In Focus: Land Degradation
What is Land Degradation?
- Land Degradation can be termed as the degradation of the quality of land resulting in the reduction of fertility and crop production capacity of the land.
- Land degradation is driven by both by changes in climate or human activities.
- Globally, nearly one-third of the total geographical area faces degradation which could cost the world roughly $300 billion due to land use change, reduced crop land and decline in productivity.
- A recent report released by the Intergovernmental Panel on Climate Change has underlined that land everywhere was bearing the brunt of severe climate change already which would lead to extreme food insecurity if steps weren’t taken.
What is Desertification?
- Desertification is a type of land degradation in which a relatively dry region becomes increasingly arid, typically losing its water bodies as well as vegetation and wildlife over a period of time.
Major Causes of Land Degradation:
- Extreme weather conditions particularly drought
- Soil erosion
- Poor farming practices and the absence of conservation works
- Buildup of salts in soils
- Loss of vegetation cover due to overgrazing, over exploitation and deforestation
- Invasive alien plant species
- Overuse of irrigation water;
- Inappropriate use of marginal land
- Veld fires
Impacts of Land Degradation
- Threaten agricultural productivity
- Increased risks of floods and erosion leading to the formation of gullies;
- Loss of soil fertility leading to poor crop yields
- Shortage of local surface water resources
- Increased level of salt groundwater
- Propagation of invasive species
- Loss of vegetation
- Threaten biodiversity
- Sodic soils form an impermeable crust which reduces infiltration resulting in water scarcity
Land Degradation in India:
- India faces a severe problem of land degradation, or soil becoming unfit for cultivation.

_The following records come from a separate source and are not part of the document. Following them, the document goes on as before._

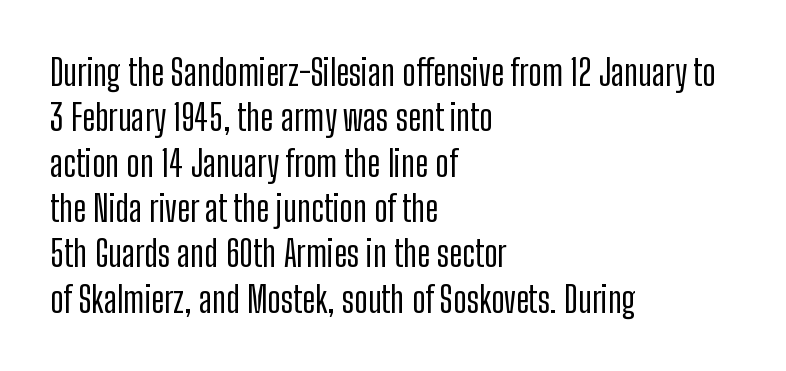
Q: Is the text italic (slanted)? A: No, it is upright.
Q: Is the typeface a serif or a sans-serif typeface? A: Sans-serif.
Q: Is the text underlined? A: No.
Q: How is the paragraph aligned? A: Left-aligned.
Q: Is the spacing between letters normal or unusually wide? A: Normal.
Q: Is the spacing between lines tight, normal or loose? A: Normal.
Q: Width (condensed, normal, or wide)? A: Condensed.
Q: Stroke contrast? A: Low.
Q: x-height? A: Medium.
Q: Monospaced? A: No.

- Indian land yield is among the lowest in the world. This is because the fertility of land is low in India.
- About 29.3% of the geographical area in India is affected by degradation including desertification due to unsustainable farm practices and deforestation
- The top processes leading to degradation/desertification in India in both time periods were:
- water erosion (10.98 percent in 2011-2013)
- vegetation degradation (8.91 percent) and
- wind erosion (5.55 percent).
- 82% of India’s degraded land lies in just nine states/UT – Rajasthan, Maharashtra, Gujarat, Jammu & Kashmir, Karnataka, Jharkhand, Odisha, Madhya Pradesh and Telangana.
About: Bonn Challenge
- The Bonn Challenge is a global effort to bring 150 million hectares of the world’s deforested and degraded land under restoration by 2020, and 350 million hectares by 2030.
- It is an initiative of the International Union for Conservation of Nature (IUCN).
- At the UNFCC Conference of the Parties (COP) 2015 in Paris, India also joined the voluntary Bonn Challenge pledge to bring into restoration 13 million hectares of degraded and deforested land by the year 2020, and additional 8 million hectares by 2030.
- India’s pledge is one of the largest in Asia.
- Underlying the Bonn Challenge is the forest landscape restoration (FLR) approach.
Note: The Bonn Challenge is not a new global commitment but rather a practical means of realizing many existing international commitments, including the CBD Aichi Target 15, the UNFCCC REDD+ goal, and the Rio+20 land degradation neutrality goal.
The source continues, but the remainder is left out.